The biological characteristics and behavior of bone and soft tissue sarcomas are different [22, 23]. However, we did not observe any differences between STS and BS regarding the type of biopsy. The evaluation of differences in entity subgroups of STS was not feasible because of the high number of entities and the consecutively very small numbers of patients in each subgroup. The subgroup analysis in BS showed a high rate of LR in chondrosarcomas (23.3%); however, this difference did not reach statistical significance in relation to other entities. A possible explanation for the observed difference could be the location of these tumors. Chondrosarcomas often arise in the pelvis with known worse results as compared to LR in extremity tumors. Atypical cartilaginous tumors (chondrosarcomas G1 of the extremities) did not undergo biopsy and were diagnosed by correlation of radiological and histological investigation results. Those cases are hence not included in this study.
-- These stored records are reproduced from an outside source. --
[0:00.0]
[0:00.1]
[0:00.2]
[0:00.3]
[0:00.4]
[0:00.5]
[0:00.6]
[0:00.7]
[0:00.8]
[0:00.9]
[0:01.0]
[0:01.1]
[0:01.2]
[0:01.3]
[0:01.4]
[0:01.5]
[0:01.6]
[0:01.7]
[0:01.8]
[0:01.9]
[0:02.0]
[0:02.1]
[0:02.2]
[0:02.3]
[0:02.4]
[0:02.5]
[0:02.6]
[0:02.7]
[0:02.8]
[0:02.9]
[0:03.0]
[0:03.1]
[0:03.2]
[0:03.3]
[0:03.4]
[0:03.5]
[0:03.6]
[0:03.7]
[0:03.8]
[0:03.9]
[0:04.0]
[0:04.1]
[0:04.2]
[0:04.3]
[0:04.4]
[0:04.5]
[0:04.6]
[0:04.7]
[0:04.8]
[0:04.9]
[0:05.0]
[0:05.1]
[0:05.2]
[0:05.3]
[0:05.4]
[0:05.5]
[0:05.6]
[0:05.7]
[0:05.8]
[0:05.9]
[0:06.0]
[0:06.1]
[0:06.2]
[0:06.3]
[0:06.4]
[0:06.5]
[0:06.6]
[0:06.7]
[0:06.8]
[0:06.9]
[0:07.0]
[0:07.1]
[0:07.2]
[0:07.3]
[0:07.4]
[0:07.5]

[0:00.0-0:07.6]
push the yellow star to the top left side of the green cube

Until today, published studies have shown that CNB and IB provide similar sensitivity regarding the diagnosis of sarcomas [3] and that IB has a higher risk for complications [24] and a potentially higher risk of spreading tumor cells [6]. The excision of IB tracts with tumor resection causes larger soft tissue defects and a higher risk of complications [2, 25].
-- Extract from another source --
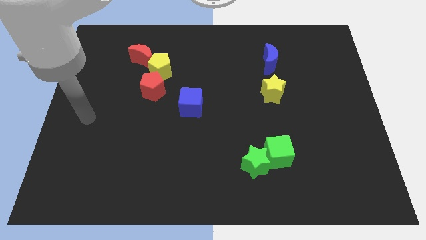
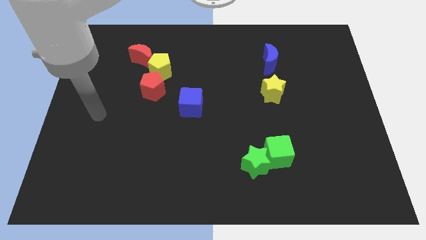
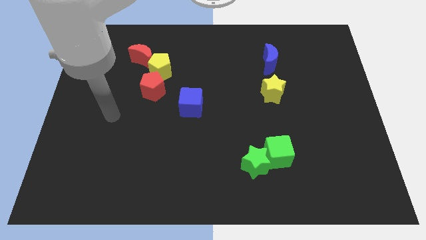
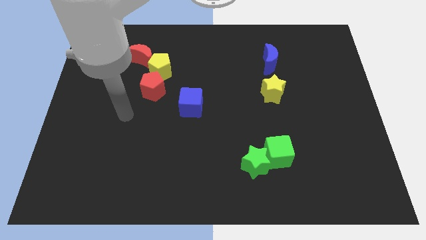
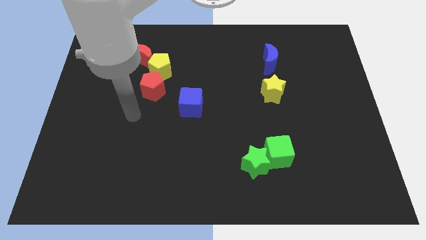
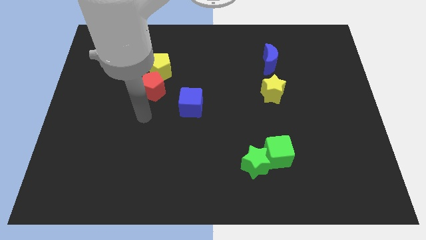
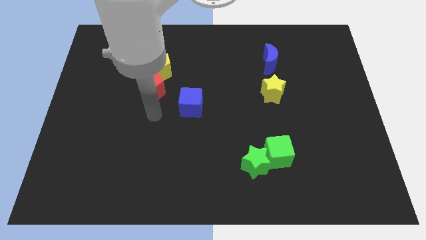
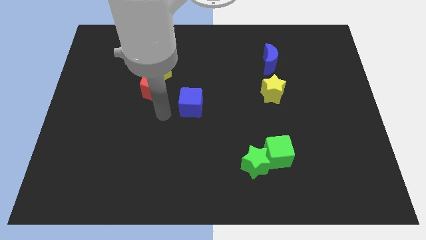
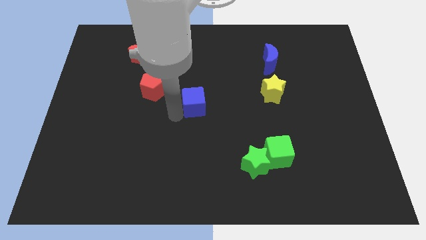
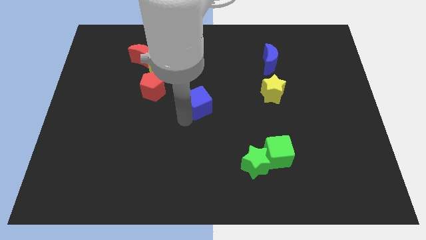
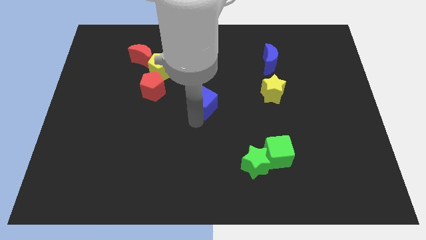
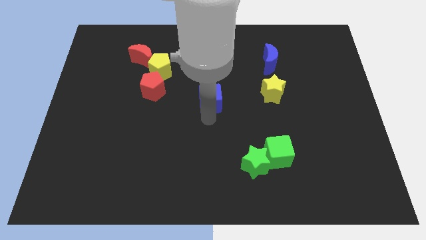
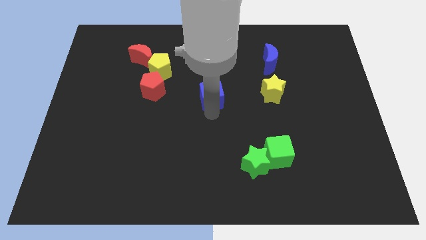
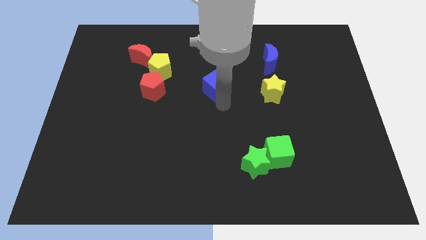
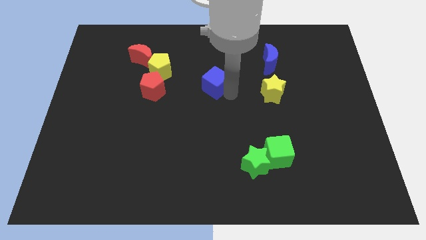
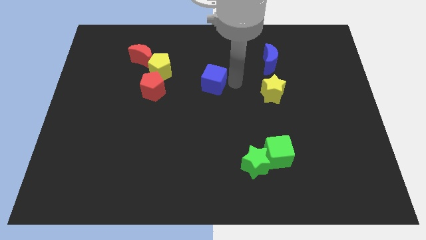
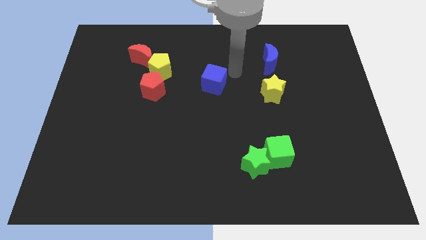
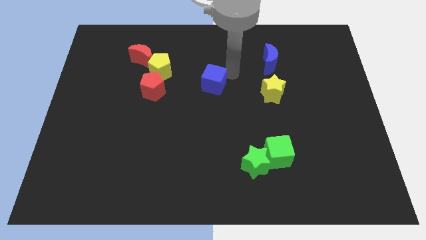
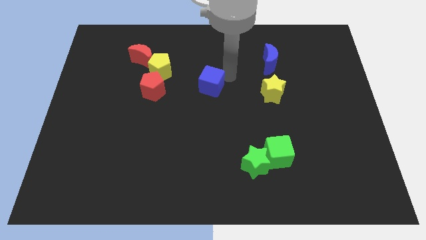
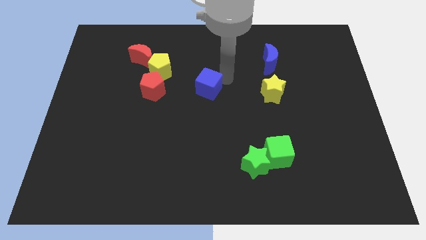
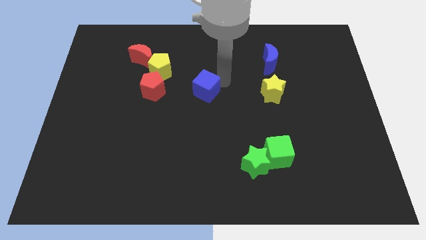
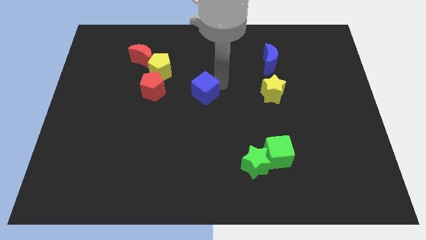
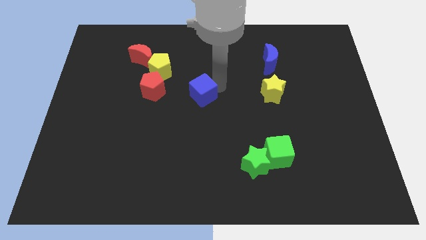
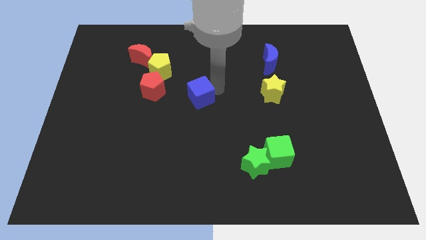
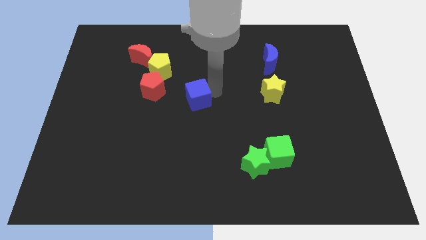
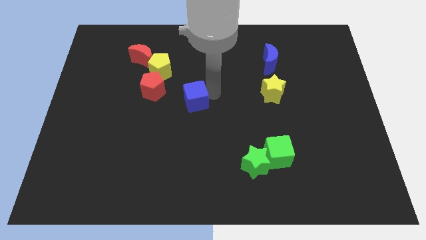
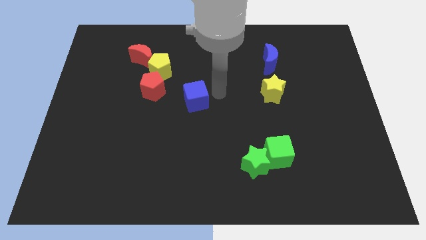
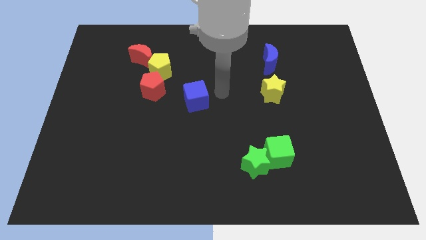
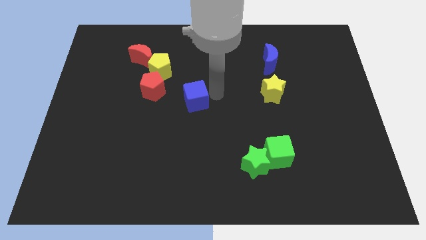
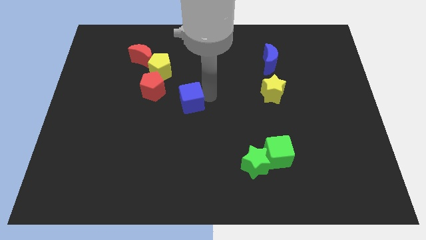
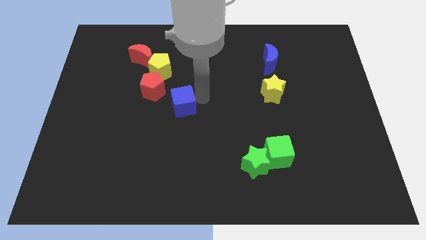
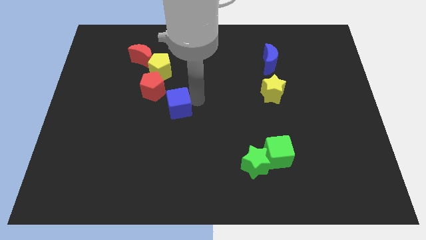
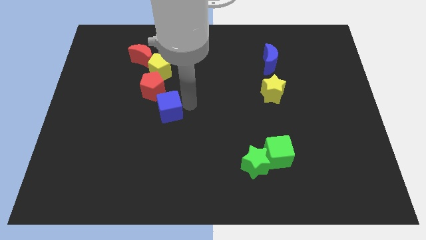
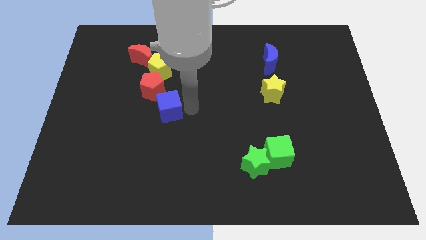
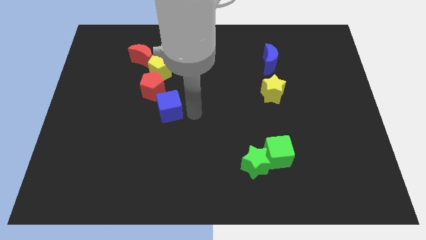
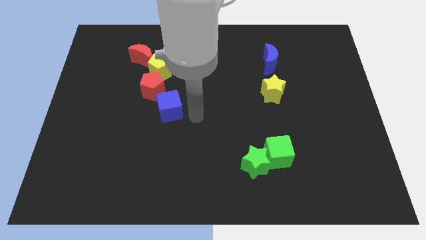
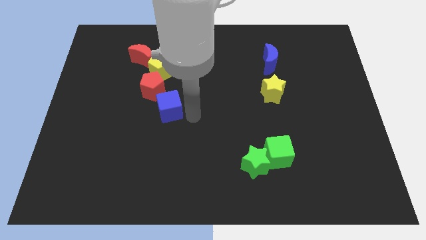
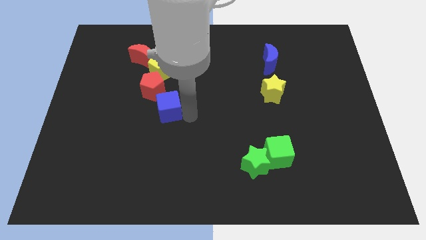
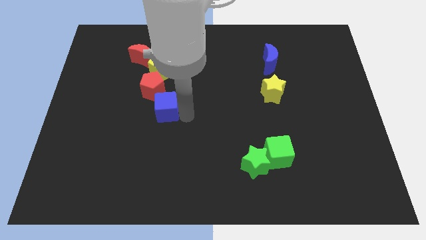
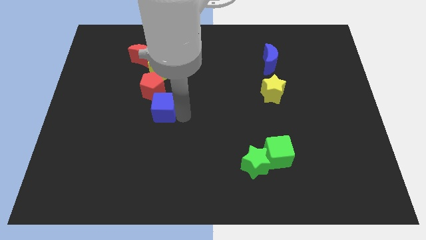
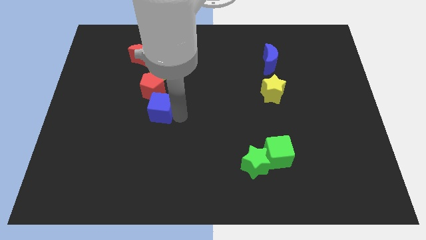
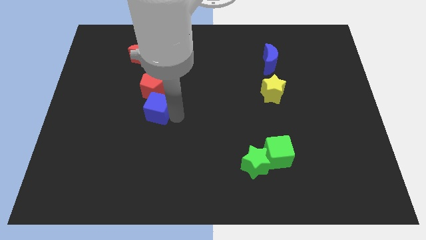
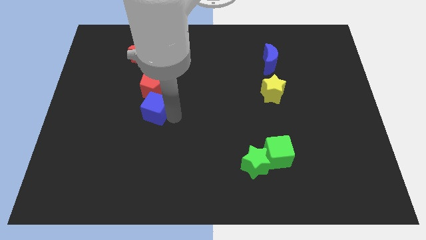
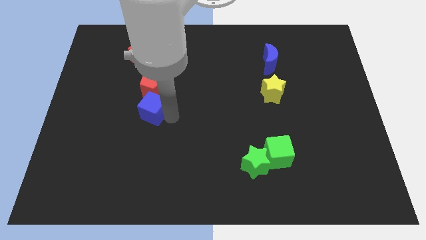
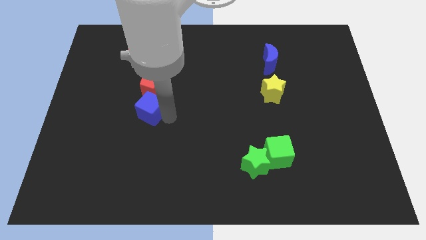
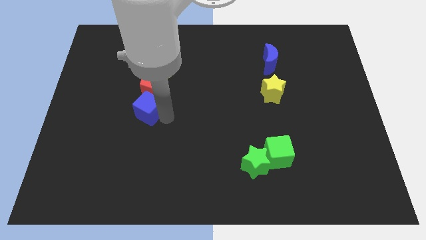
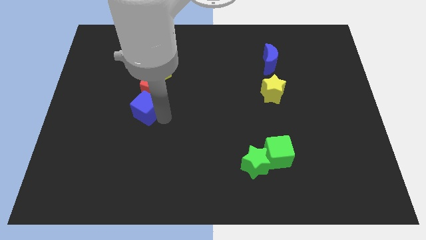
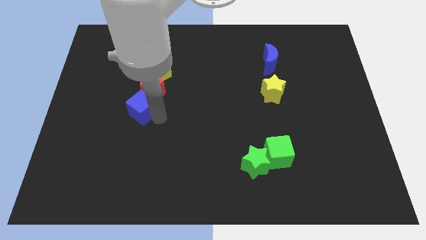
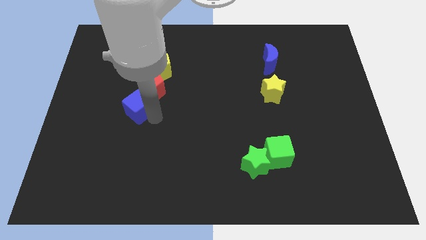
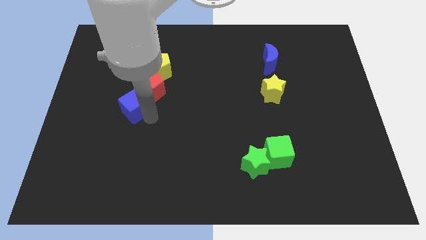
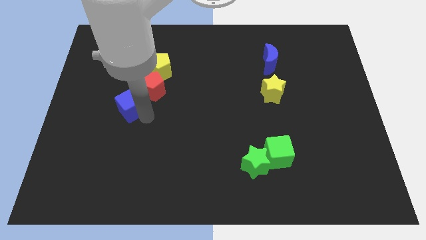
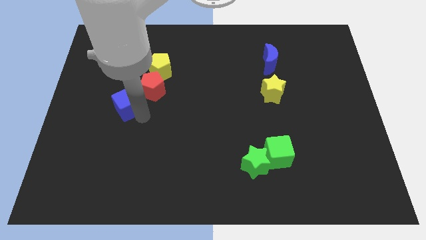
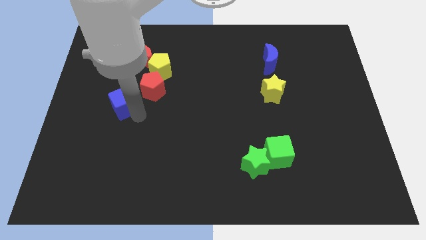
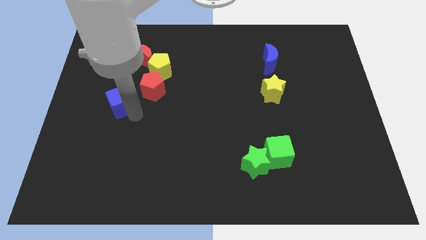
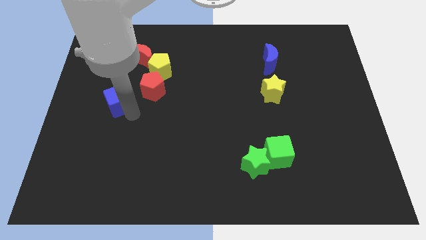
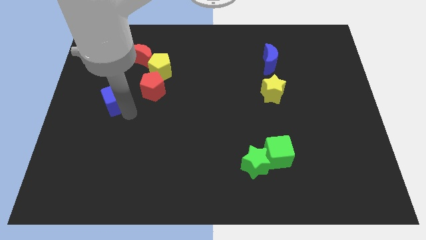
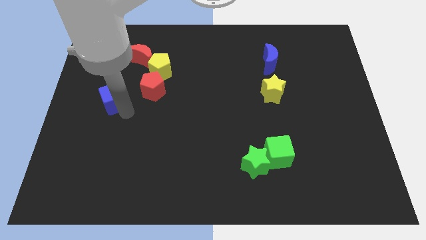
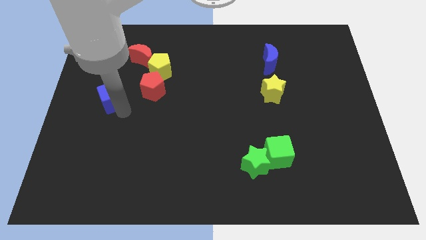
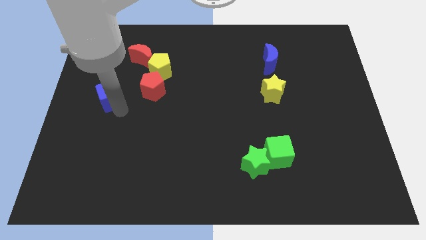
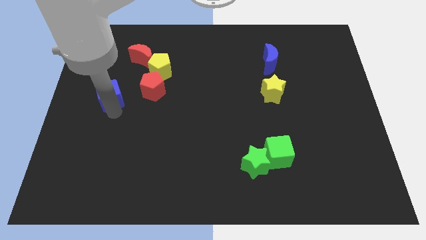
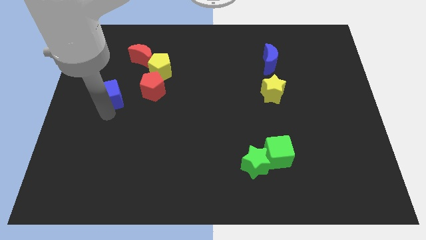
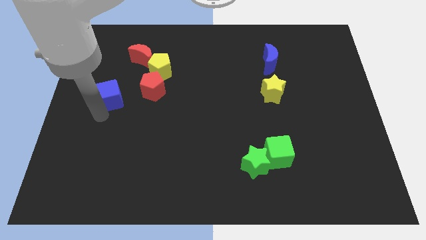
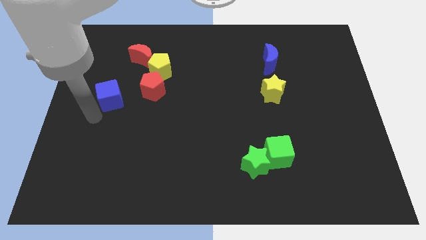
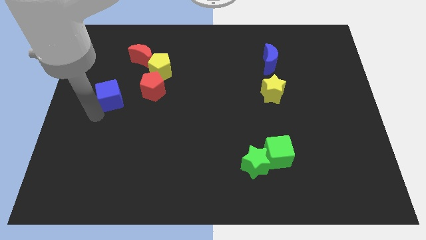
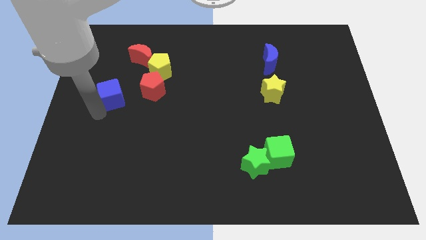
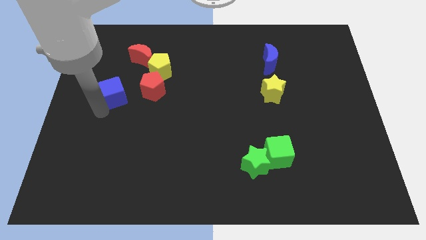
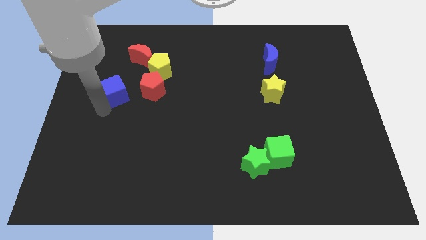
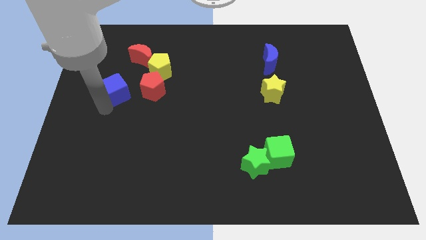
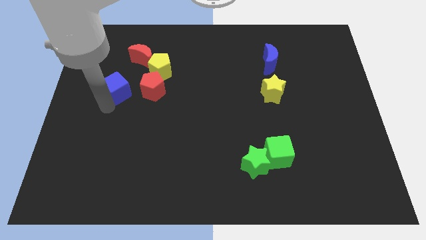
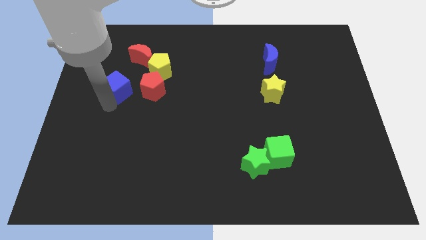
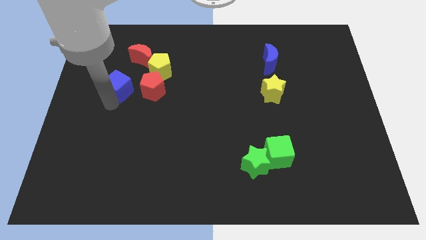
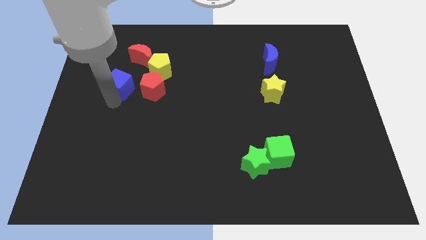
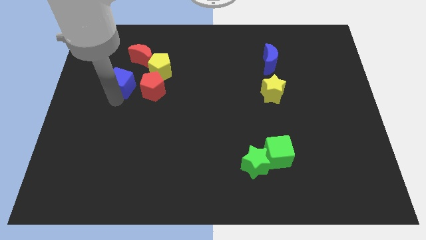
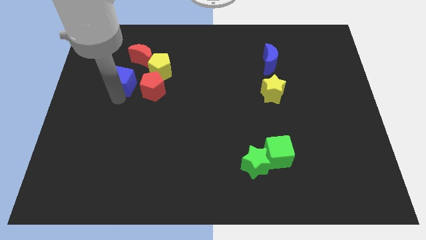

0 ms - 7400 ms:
push the blue cube to the left of the yellow pentagon

The most important factor for lowering the risk of LR in incisional biopsy seems to be the excision of the biopsy tract. Our analysis of IB and CNB demonstrate an equivalence of both biopsy methods regarding the risk of LR and of LRFS, even if the biopsy tract was not excised in CNB.

Conclusions

We were unable to demonstrate different rates of LR or LRFS in patients with excised IB tracts and patients with non-excised CNB tracts in bone and soft tissue sarcomas of the extremities. Additional factors such as multimodal treatment (including radiotherapy) and grading did not influence this result. Based on our results, the excision of the biopsy tract in cases of CNB does not appear to be necessary.